**Provided entries:**
□ □ □ □ □ □ □

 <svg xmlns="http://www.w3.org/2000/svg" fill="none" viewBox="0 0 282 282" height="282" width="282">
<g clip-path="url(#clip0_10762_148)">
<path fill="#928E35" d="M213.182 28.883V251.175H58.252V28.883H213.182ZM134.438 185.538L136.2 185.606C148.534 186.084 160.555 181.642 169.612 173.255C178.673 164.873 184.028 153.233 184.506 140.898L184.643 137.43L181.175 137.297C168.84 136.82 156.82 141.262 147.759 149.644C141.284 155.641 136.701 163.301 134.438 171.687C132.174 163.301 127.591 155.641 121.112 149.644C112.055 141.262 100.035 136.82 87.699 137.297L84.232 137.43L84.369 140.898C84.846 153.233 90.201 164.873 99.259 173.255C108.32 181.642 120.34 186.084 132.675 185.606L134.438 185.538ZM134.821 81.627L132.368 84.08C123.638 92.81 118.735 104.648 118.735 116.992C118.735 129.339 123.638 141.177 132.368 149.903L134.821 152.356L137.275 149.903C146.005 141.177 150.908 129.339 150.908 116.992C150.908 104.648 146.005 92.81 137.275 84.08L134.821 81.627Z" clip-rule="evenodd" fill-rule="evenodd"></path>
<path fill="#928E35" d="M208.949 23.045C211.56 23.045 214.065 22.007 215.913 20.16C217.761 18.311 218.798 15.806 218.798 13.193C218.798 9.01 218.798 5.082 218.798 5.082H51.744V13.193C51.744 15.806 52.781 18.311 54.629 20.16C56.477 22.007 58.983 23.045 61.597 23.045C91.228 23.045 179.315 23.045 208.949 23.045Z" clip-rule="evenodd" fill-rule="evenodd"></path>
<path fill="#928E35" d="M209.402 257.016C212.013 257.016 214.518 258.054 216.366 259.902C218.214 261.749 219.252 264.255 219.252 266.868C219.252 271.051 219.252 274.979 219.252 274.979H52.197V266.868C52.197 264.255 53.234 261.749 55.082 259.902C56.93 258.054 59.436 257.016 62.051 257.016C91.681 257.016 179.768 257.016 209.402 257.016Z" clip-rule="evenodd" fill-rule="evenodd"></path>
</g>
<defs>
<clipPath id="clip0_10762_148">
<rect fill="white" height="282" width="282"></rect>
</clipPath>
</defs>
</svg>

□ □ □ □ □ □ □

**What the exercise asks:** Repeat all of the listing above exactly, leaving nothing out.

**Written solution:**
 <svg xmlns="http://www.w3.org/2000/svg" fill="none" viewBox="0 0 282 282" height="282" width="282">
<g clip-path="url(#clip0_10762_148)">
<path fill="#928E35" d="M213.182 28.883V251.175H58.252V28.883H213.182ZM134.438 185.538L136.2 185.606C148.534 186.084 160.555 181.642 169.612 173.255C178.673 164.873 184.028 153.233 184.506 140.898L184.643 137.43L181.175 137.297C168.84 136.82 156.82 141.262 147.759 149.644C141.284 155.641 136.701 163.301 134.438 171.687C132.174 163.301 127.591 155.641 121.112 149.644C112.055 141.262 100.035 136.82 87.699 137.297L84.232 137.43L84.369 140.898C84.846 153.233 90.201 164.873 99.259 173.255C108.32 181.642 120.34 186.084 132.675 185.606L134.438 185.538ZM134.821 81.627L132.368 84.08C123.638 92.81 118.735 104.648 118.735 116.992C118.735 129.339 123.638 141.177 132.368 149.903L134.821 152.356L137.275 149.903C146.005 141.177 150.908 129.339 150.908 116.992C150.908 104.648 146.005 92.81 137.275 84.08L134.821 81.627Z" clip-rule="evenodd" fill-rule="evenodd"></path>
<path fill="#928E35" d="M208.949 23.045C211.56 23.045 214.065 22.007 215.913 20.16C217.761 18.311 218.798 15.806 218.798 13.193C218.798 9.01 218.798 5.082 218.798 5.082H51.744V13.193C51.744 15.806 52.781 18.311 54.629 20.16C56.477 22.007 58.983 23.045 61.597 23.045C91.228 23.045 179.315 23.045 208.949 23.045Z" clip-rule="evenodd" fill-rule="evenodd"></path>
<path fill="#928E35" d="M209.402 257.016C212.013 257.016 214.518 258.054 216.366 259.902C218.214 261.749 219.252 264.255 219.252 266.868C219.252 271.051 219.252 274.979 219.252 274.979H52.197V266.868C52.197 264.255 53.234 261.749 55.082 259.902C56.93 258.054 59.436 257.016 62.051 257.016C91.681 257.016 179.768 257.016 209.402 257.016Z" clip-rule="evenodd" fill-rule="evenodd"></path>
</g>
<defs>
<clipPath id="clip0_10762_148">
<rect fill="white" height="282" width="282"></rect>
</clipPath>
</defs>
</svg>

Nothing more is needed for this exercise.